Work to complete: Search the data below for the string "Orientation" and copy all lines where it shows up.

(Records from a dataset)

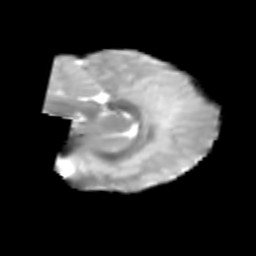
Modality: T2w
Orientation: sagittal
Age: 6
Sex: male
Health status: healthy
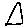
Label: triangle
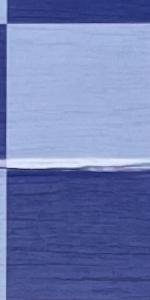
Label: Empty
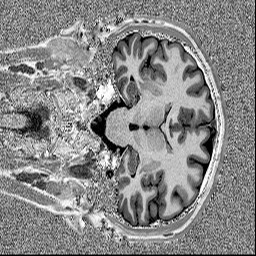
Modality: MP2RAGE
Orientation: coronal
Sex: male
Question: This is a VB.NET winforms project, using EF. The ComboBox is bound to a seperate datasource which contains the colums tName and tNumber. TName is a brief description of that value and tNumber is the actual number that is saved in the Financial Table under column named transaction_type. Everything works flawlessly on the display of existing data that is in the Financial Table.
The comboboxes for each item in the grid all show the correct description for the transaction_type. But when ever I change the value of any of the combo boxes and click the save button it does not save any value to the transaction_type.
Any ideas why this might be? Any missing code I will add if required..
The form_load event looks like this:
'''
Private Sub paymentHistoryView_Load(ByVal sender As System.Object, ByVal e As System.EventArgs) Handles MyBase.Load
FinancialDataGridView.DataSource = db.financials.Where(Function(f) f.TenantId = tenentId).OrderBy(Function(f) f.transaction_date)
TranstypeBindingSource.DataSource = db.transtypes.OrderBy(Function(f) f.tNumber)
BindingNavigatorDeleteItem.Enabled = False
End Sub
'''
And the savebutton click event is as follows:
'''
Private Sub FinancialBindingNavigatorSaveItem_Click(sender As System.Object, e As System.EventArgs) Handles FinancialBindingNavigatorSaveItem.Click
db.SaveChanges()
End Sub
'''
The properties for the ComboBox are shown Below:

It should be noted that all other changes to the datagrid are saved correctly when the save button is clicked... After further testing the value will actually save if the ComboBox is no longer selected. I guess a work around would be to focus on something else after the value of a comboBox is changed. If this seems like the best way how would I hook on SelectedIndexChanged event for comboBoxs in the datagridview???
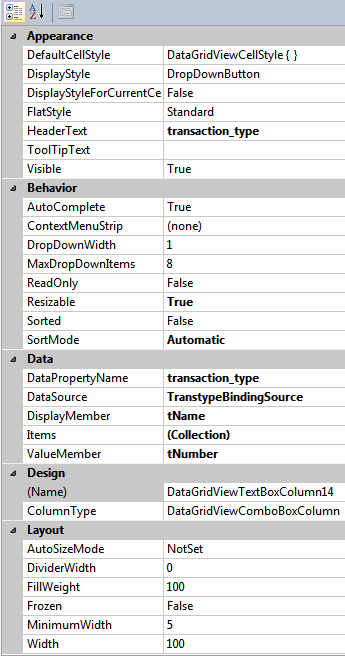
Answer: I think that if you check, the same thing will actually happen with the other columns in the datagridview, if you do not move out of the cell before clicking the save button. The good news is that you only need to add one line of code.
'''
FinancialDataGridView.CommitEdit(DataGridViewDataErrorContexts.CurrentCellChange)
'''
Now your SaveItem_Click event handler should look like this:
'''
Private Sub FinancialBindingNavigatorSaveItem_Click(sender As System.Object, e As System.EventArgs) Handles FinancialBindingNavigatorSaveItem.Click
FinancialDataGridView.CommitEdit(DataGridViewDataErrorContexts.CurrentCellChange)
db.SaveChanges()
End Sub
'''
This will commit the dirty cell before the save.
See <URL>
--
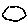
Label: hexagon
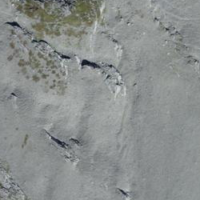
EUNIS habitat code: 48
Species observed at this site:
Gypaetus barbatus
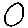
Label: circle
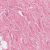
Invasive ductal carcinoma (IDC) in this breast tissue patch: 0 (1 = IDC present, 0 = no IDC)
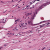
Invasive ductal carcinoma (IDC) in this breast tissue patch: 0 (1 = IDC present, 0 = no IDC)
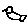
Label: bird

Output for this exercise:
Orientation: sagittal
Orientation: coronal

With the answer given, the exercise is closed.